Activity.
The expected response is an exact repetition of every record, with images excluded.

Data.
□ □ □ □

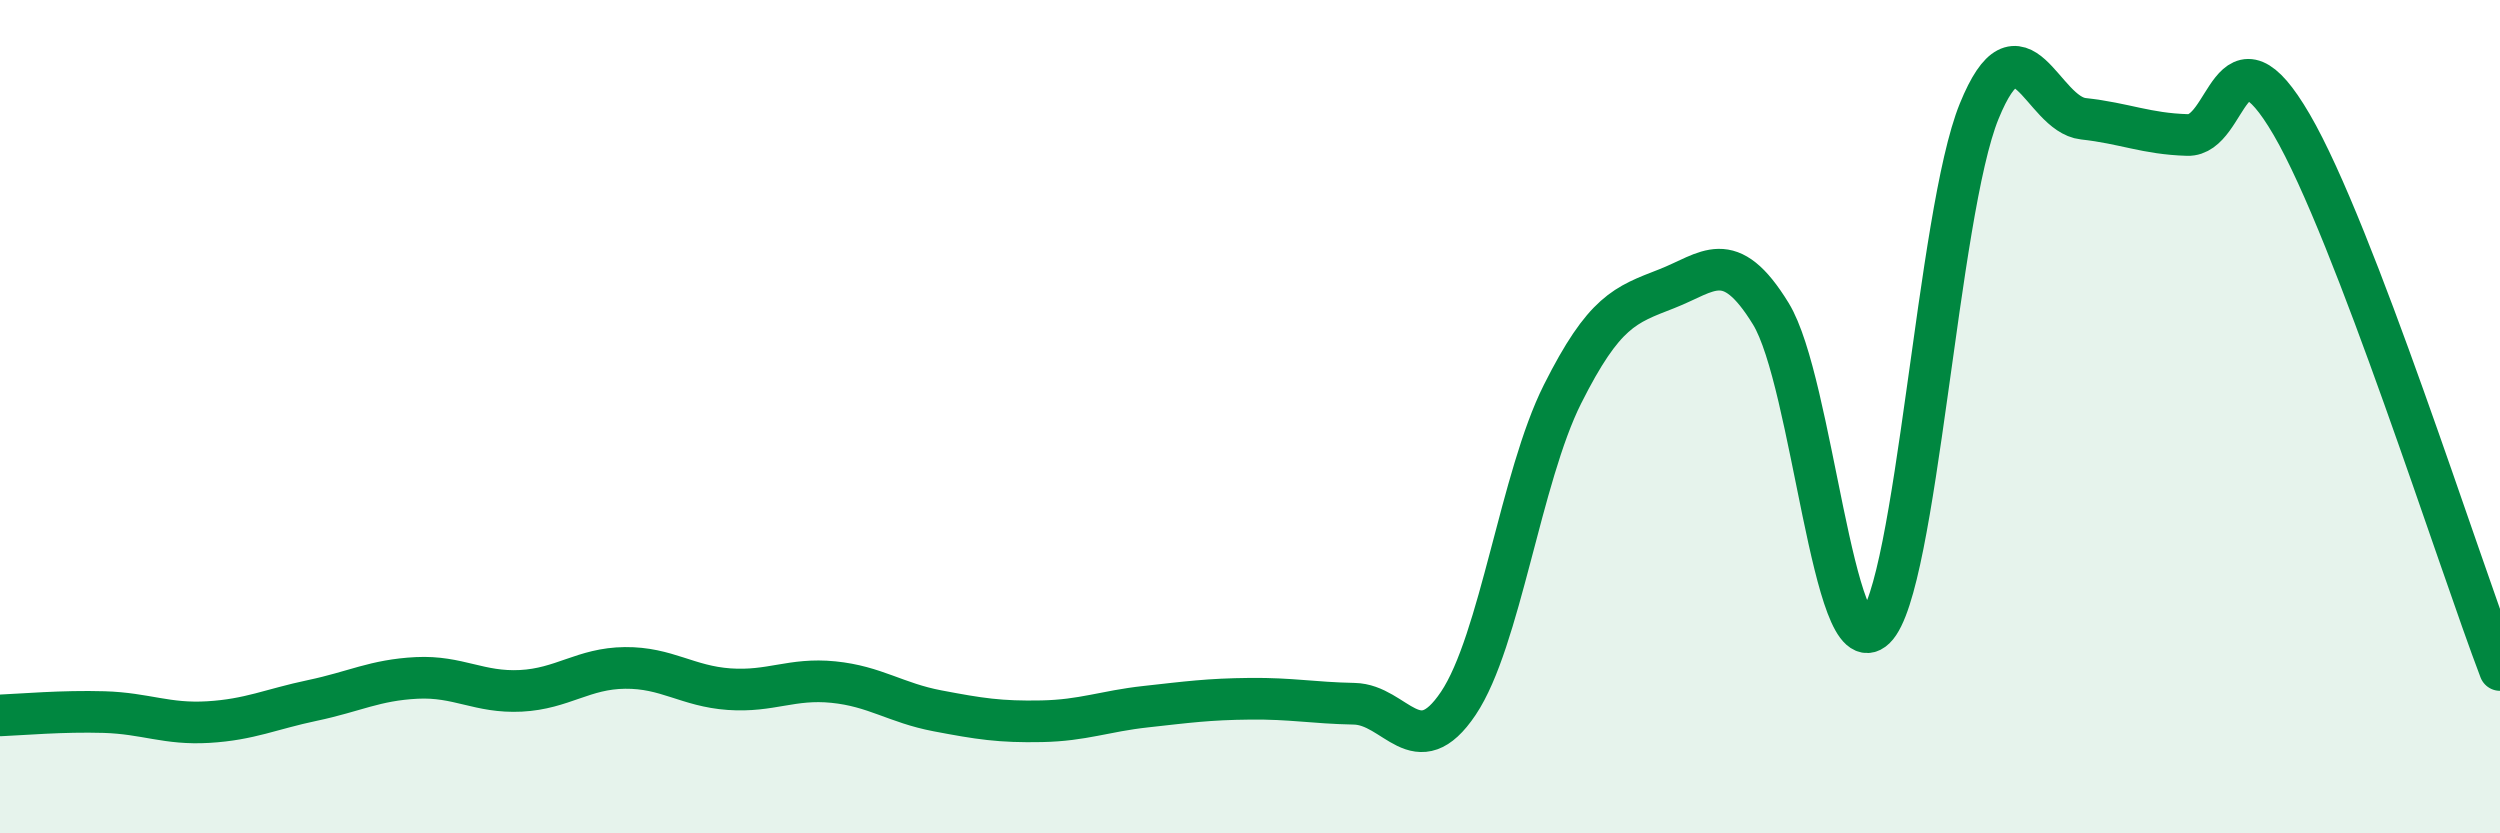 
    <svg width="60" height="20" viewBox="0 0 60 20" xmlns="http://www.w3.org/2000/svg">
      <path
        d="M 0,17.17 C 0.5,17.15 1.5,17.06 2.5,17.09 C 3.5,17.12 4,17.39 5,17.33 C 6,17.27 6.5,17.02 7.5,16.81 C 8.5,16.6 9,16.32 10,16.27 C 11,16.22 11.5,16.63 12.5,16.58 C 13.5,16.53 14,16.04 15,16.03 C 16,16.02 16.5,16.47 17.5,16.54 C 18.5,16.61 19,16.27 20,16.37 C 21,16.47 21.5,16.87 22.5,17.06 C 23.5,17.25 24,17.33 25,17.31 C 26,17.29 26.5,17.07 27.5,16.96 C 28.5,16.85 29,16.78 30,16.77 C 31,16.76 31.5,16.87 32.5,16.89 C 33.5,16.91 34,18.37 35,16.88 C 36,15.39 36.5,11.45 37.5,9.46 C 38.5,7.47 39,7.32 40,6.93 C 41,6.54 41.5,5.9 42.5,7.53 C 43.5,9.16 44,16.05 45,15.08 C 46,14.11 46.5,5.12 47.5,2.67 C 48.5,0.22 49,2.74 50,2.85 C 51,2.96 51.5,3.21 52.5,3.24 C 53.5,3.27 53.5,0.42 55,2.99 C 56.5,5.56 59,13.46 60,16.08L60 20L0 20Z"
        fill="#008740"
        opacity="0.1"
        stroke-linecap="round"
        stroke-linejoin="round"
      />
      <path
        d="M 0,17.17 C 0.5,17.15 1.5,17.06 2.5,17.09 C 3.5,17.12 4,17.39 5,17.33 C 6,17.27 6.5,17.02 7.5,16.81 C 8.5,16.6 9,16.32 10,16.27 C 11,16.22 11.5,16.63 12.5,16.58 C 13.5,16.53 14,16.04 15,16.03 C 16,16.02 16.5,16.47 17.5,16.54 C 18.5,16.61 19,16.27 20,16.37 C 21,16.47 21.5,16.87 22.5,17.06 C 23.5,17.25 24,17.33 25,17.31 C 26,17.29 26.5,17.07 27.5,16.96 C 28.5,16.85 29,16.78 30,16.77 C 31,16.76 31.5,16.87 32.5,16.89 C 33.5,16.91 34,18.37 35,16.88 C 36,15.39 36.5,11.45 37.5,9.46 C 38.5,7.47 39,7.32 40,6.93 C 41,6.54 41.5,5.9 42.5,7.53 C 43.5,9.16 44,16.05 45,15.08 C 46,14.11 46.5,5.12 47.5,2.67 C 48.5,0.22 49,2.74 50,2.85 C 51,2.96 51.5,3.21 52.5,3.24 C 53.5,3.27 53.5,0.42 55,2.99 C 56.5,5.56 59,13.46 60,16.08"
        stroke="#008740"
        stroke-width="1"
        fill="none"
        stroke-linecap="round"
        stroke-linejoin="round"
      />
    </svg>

□ □ □ □

Exercise answer.
    <svg width="60" height="20" viewBox="0 0 60 20" xmlns="http://www.w3.org/2000/svg">
      <path
        d="M 0,17.17 C 0.5,17.15 1.5,17.06 2.5,17.09 C 3.5,17.12 4,17.39 5,17.33 C 6,17.27 6.5,17.02 7.5,16.81 C 8.5,16.6 9,16.32 10,16.27 C 11,16.22 11.5,16.63 12.5,16.58 C 13.5,16.53 14,16.04 15,16.03 C 16,16.02 16.5,16.47 17.5,16.54 C 18.5,16.61 19,16.27 20,16.37 C 21,16.47 21.5,16.87 22.5,17.06 C 23.5,17.25 24,17.33 25,17.31 C 26,17.29 26.5,17.07 27.5,16.96 C 28.5,16.85 29,16.78 30,16.77 C 31,16.76 31.5,16.87 32.5,16.89 C 33.5,16.91 34,18.37 35,16.88 C 36,15.39 36.5,11.45 37.5,9.46 C 38.5,7.47 39,7.32 40,6.93 C 41,6.54 41.5,5.9 42.5,7.53 C 43.5,9.16 44,16.05 45,15.08 C 46,14.11 46.5,5.12 47.5,2.67 C 48.5,0.22 49,2.74 50,2.85 C 51,2.96 51.5,3.21 52.5,3.24 C 53.5,3.27 53.5,0.42 55,2.99 C 56.5,5.56 59,13.46 60,16.08L60 20L0 20Z"
        fill="#008740"
        opacity="0.1"
        stroke-linecap="round"
        stroke-linejoin="round"
      />
      <path
        d="M 0,17.17 C 0.5,17.15 1.5,17.06 2.5,17.09 C 3.5,17.12 4,17.39 5,17.33 C 6,17.27 6.5,17.02 7.5,16.81 C 8.5,16.6 9,16.32 10,16.27 C 11,16.22 11.5,16.63 12.5,16.58 C 13.5,16.53 14,16.04 15,16.03 C 16,16.02 16.5,16.47 17.5,16.54 C 18.5,16.61 19,16.27 20,16.37 C 21,16.47 21.5,16.87 22.5,17.06 C 23.5,17.25 24,17.33 25,17.31 C 26,17.29 26.5,17.07 27.5,16.96 C 28.5,16.85 29,16.78 30,16.77 C 31,16.76 31.5,16.87 32.5,16.89 C 33.5,16.91 34,18.37 35,16.88 C 36,15.39 36.5,11.45 37.5,9.46 C 38.5,7.47 39,7.32 40,6.93 C 41,6.54 41.5,5.9 42.5,7.53 C 43.5,9.16 44,16.05 45,15.08 C 46,14.11 46.5,5.12 47.5,2.67 C 48.5,0.22 49,2.74 50,2.85 C 51,2.96 51.5,3.21 52.5,3.24 C 53.5,3.27 53.5,0.42 55,2.99 C 56.5,5.56 59,13.46 60,16.08"
        stroke="#008740"
        stroke-width="1"
        fill="none"
        stroke-linecap="round"
        stroke-linejoin="round"
      />
    </svg>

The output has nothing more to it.